A song thrush on the ground with a blurred garden in the background

Song Thrush

Turdus philomelos

Key Facts

  • Length: 23cm
  • Wingspan: 34cm
  • Weight: 83g
  • Average lifespan: 3 years

The Song Thrush is a small, familiar songbird, commonly found in parks and gardens, woodland and scrub.

Living up to its common name, it has a beautiful, loud song with repeating phrases. Widespread throughout Europe and as far east as Siberia, populations in the north are migratory, heading to Africa, whereas our Song Thrushes tend to be residents. From March until April, Song Thrushes breed, often producing three broods of up to five blue, spotty eggs.

How to Identify

The Song Thrush is a familiar bird, brown above, with a white belly covered in black, drop-shaped spots. It is smaller and a warmer brown than the Mistle Thrush, and lacks the white eyestripe and red flank patches of the Redwing.

Where to Find

Widespread.

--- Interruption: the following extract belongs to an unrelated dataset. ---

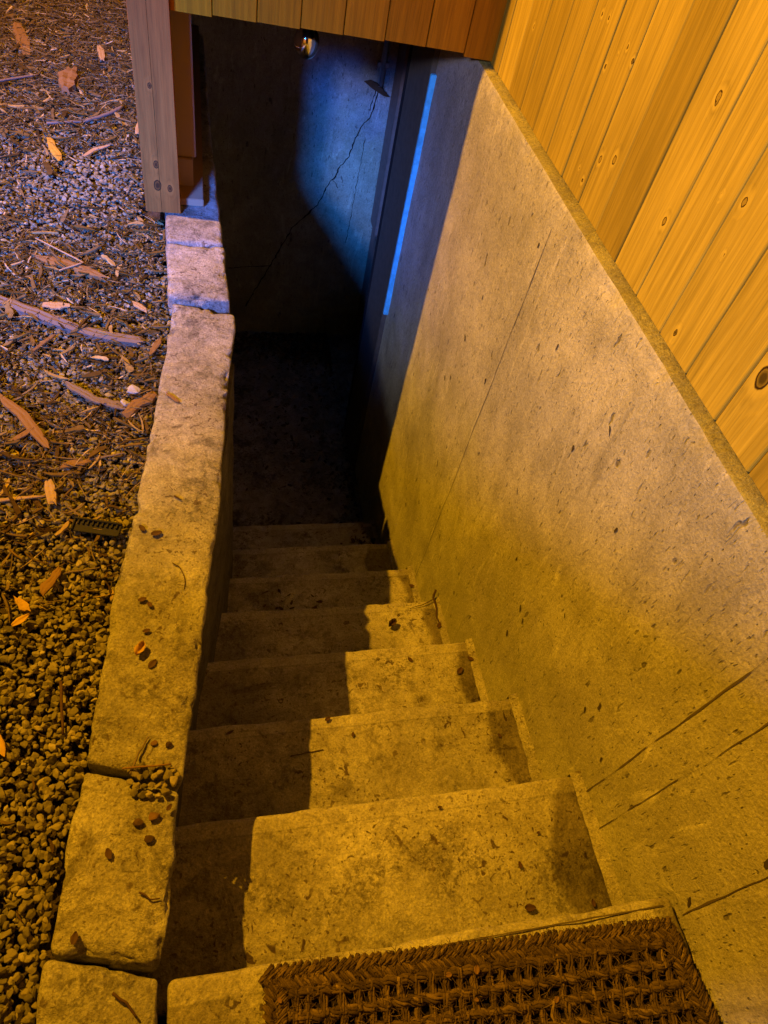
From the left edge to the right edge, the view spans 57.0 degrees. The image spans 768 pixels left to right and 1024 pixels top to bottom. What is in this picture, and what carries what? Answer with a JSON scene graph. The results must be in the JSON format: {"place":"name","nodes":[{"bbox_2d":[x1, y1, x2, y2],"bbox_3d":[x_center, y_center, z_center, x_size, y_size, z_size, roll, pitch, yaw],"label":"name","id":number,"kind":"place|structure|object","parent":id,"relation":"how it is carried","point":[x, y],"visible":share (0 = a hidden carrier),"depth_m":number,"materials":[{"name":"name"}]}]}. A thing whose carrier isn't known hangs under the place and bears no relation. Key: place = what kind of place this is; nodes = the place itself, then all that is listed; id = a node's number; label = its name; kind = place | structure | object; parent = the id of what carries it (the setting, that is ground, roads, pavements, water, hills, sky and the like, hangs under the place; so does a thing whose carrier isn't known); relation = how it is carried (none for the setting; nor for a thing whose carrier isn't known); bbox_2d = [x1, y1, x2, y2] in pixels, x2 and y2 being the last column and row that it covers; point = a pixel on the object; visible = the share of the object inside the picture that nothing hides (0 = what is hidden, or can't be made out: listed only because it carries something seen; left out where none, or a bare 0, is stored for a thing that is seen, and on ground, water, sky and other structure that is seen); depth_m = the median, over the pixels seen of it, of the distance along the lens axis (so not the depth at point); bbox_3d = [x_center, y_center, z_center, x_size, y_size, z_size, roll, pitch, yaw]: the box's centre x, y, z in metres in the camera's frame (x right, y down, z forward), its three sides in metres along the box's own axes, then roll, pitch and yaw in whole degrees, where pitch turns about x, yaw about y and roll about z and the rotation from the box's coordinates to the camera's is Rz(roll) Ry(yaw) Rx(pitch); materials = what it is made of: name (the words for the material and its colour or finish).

Absent from north-west Scotland, Northern Ireland and the Isle of Man.

How People Can Help

Song Thrush numbers have decreased by 73% in farmland and 49% in woodland habitats – a decline mirrored by many of our farmland and garden birds. Changes in agricultural practices, such as the removal of hedgerows and increased use of pesticides, have had detrimental effects, but The Wildlife Trusts are working closely with farmers and landowners to promote wildlife-friendly practices. You can help too, by providing food and water for garden birds. To find out more about gardening for wildlife, visit our Wild About Gardens website: a joint initiative with the RHS, there’s plenty of facts and tips to get you started. To buy bird food or feeders, visit the Vine House Farm website – an award-winning wildlife-friendly farm which gives 5% of all its takings to The Wildlife Trusts.

Did you know?

Song Thrushes will eat all kinds of food, but earthworms make up a large part of their diet. When the ground becomes too hard to get at them, Song Thrushes will eat snails instead. To get at the meat inside, they take the shell and crack it open by banging it against a stone ‘anvil’. This behaviour is unique to the Song Thrush.